* _RECORD EXTRACTS_:
+---+
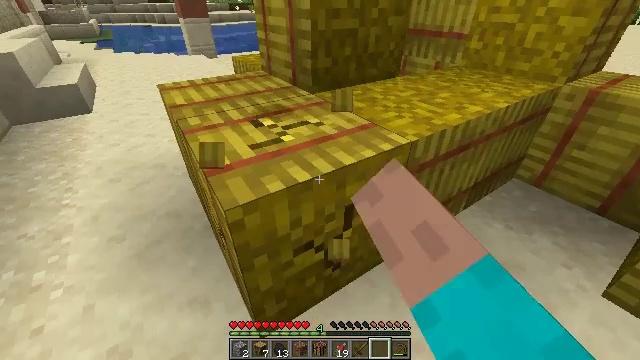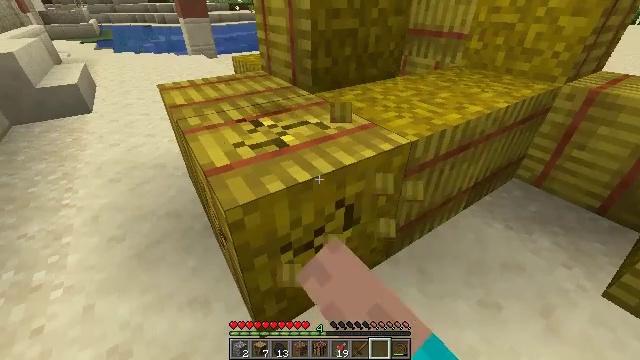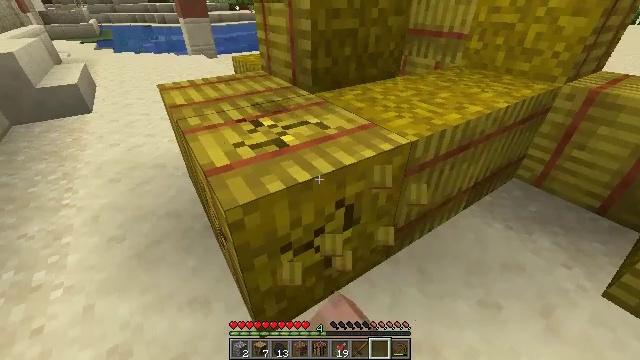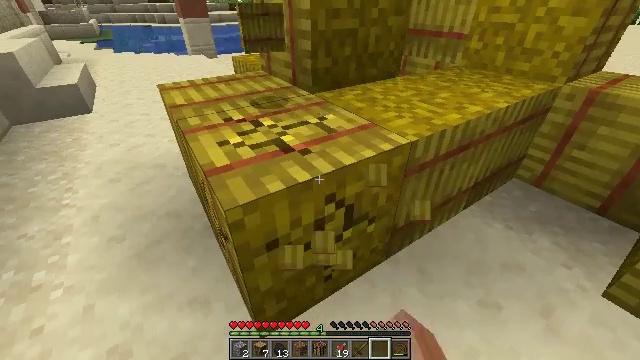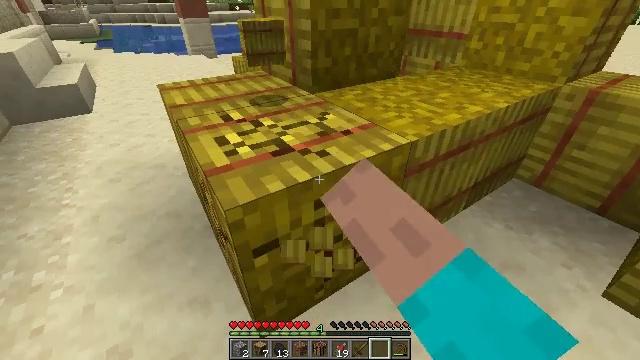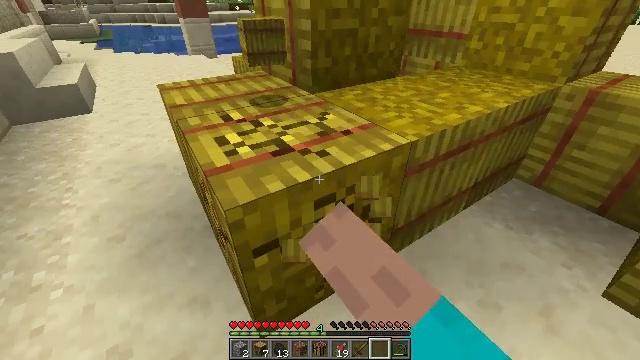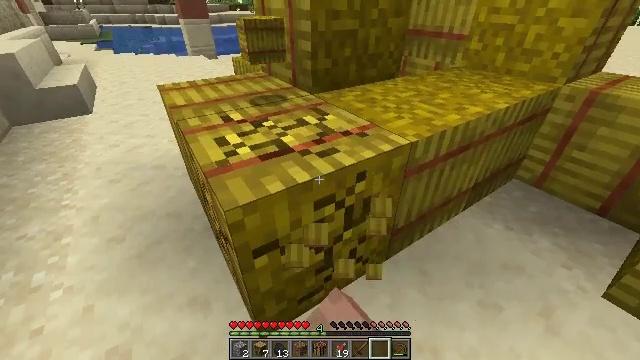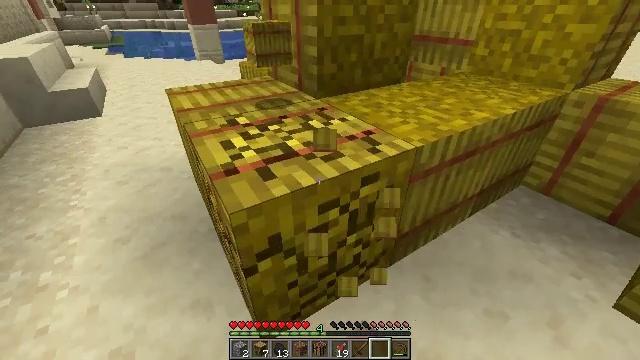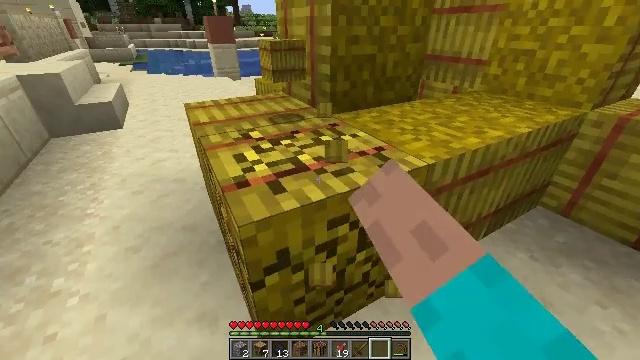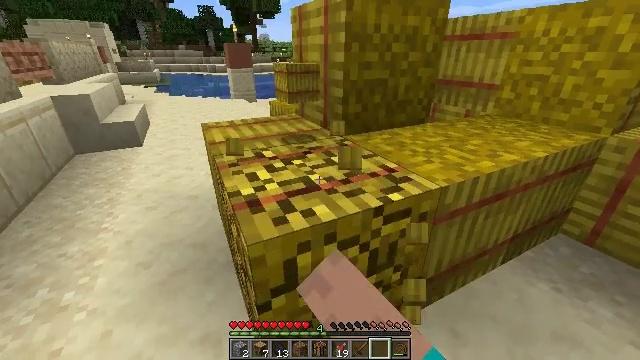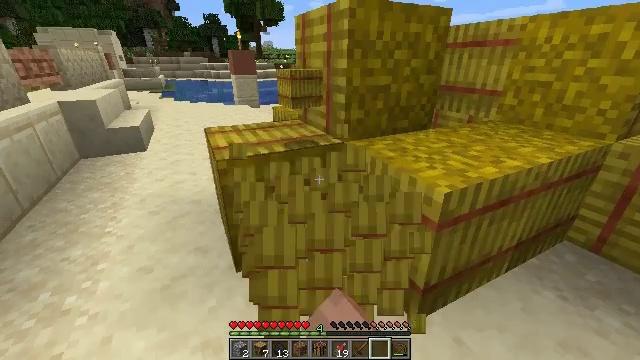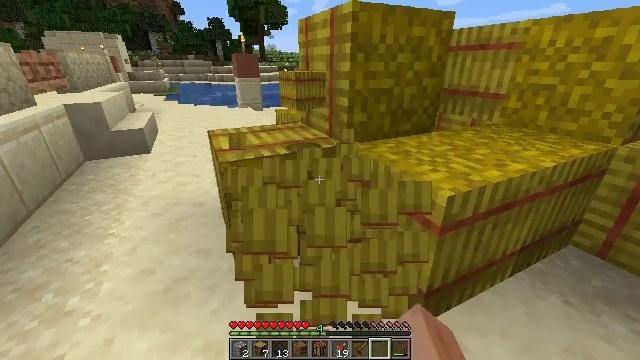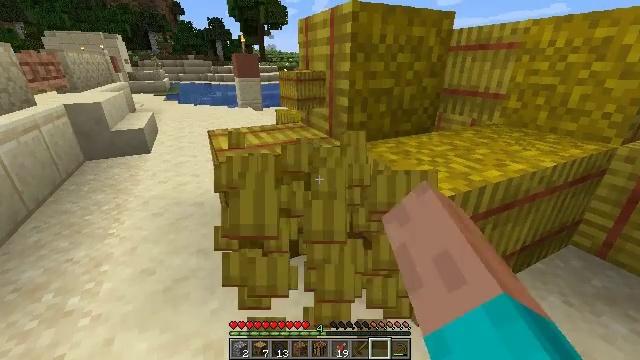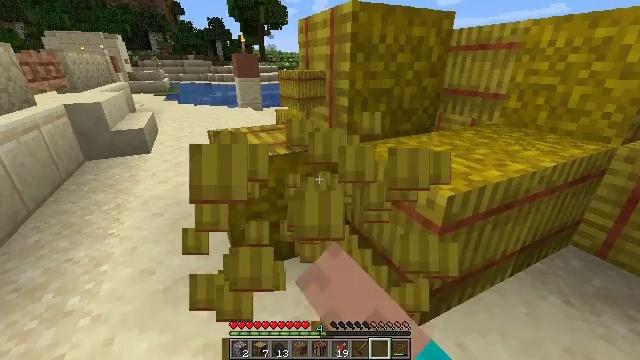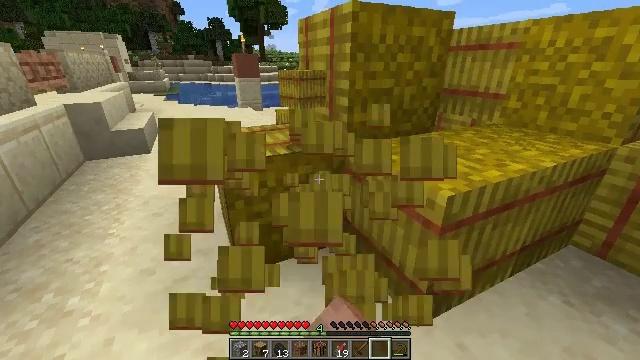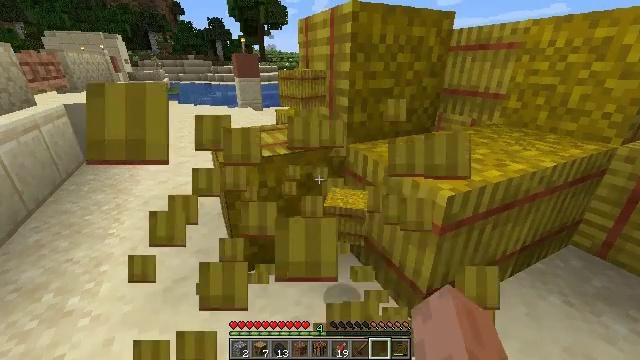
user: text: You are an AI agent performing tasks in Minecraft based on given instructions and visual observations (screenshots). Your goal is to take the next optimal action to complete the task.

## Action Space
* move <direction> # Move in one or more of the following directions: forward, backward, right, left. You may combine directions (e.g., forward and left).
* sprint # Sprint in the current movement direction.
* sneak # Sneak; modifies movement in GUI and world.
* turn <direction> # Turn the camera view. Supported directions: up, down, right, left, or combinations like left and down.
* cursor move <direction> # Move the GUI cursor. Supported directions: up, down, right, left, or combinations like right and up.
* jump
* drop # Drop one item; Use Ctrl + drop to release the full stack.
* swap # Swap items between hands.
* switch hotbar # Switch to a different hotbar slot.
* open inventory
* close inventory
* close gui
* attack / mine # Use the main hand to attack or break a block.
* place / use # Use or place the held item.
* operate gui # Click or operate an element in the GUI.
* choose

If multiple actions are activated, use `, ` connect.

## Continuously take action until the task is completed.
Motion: motion action
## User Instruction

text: Gather hay blocks from the farm.
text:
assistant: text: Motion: attack / mine
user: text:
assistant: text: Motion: attack / mine
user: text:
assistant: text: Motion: attack / mine
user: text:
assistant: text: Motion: attack / mine
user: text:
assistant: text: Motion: attack / mine
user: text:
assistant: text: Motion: attack / mine
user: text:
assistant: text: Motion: turn left, attack / mine
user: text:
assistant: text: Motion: turn left and up, attack / mine
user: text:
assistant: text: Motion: turn left and up, attack / mine
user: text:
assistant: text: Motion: turn up, attack / mine
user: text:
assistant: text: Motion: attack / mine
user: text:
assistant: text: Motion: attack / mine
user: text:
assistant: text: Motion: attack / mine
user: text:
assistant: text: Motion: attack / mine
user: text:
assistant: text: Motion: attack / mine
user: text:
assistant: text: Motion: attack / mine
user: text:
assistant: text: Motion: attack / mine
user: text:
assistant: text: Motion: attack / mine
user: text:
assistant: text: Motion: attack / mine
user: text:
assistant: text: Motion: turn up, attack / mine
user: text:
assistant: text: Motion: turn left and up, attack / mine
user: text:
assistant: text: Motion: turn left and up, attack / mine
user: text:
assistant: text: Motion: attack / mine
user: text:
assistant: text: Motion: attack / mine
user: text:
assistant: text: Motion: attack / mine
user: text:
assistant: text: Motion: attack / mine
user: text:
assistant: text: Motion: attack / mine
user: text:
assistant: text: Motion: attack / mine
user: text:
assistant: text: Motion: attack / mine
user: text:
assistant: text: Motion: attack / mine
+---+
* _ABOUT THIS EXERCISE_: Keep the pictures out and repeat exactly the lines from the beginning of the data through the line that contains "GUI and world.", both ends included.

* _OUTPUT FOR THIS TASK_:
user: text: You are an AI agent performing tasks in Minecraft based on given instructions and visual observations (screenshots). Your goal is to take the next optimal action to complete the task.

## Action Space
* move <direction> # Move in one or more of the following directions: forward, backward, right, left. You may combine directions (e.g., forward and left).
* sprint # Sprint in the current movement direction.
* sneak # Sneak; modifies movement in GUI and world.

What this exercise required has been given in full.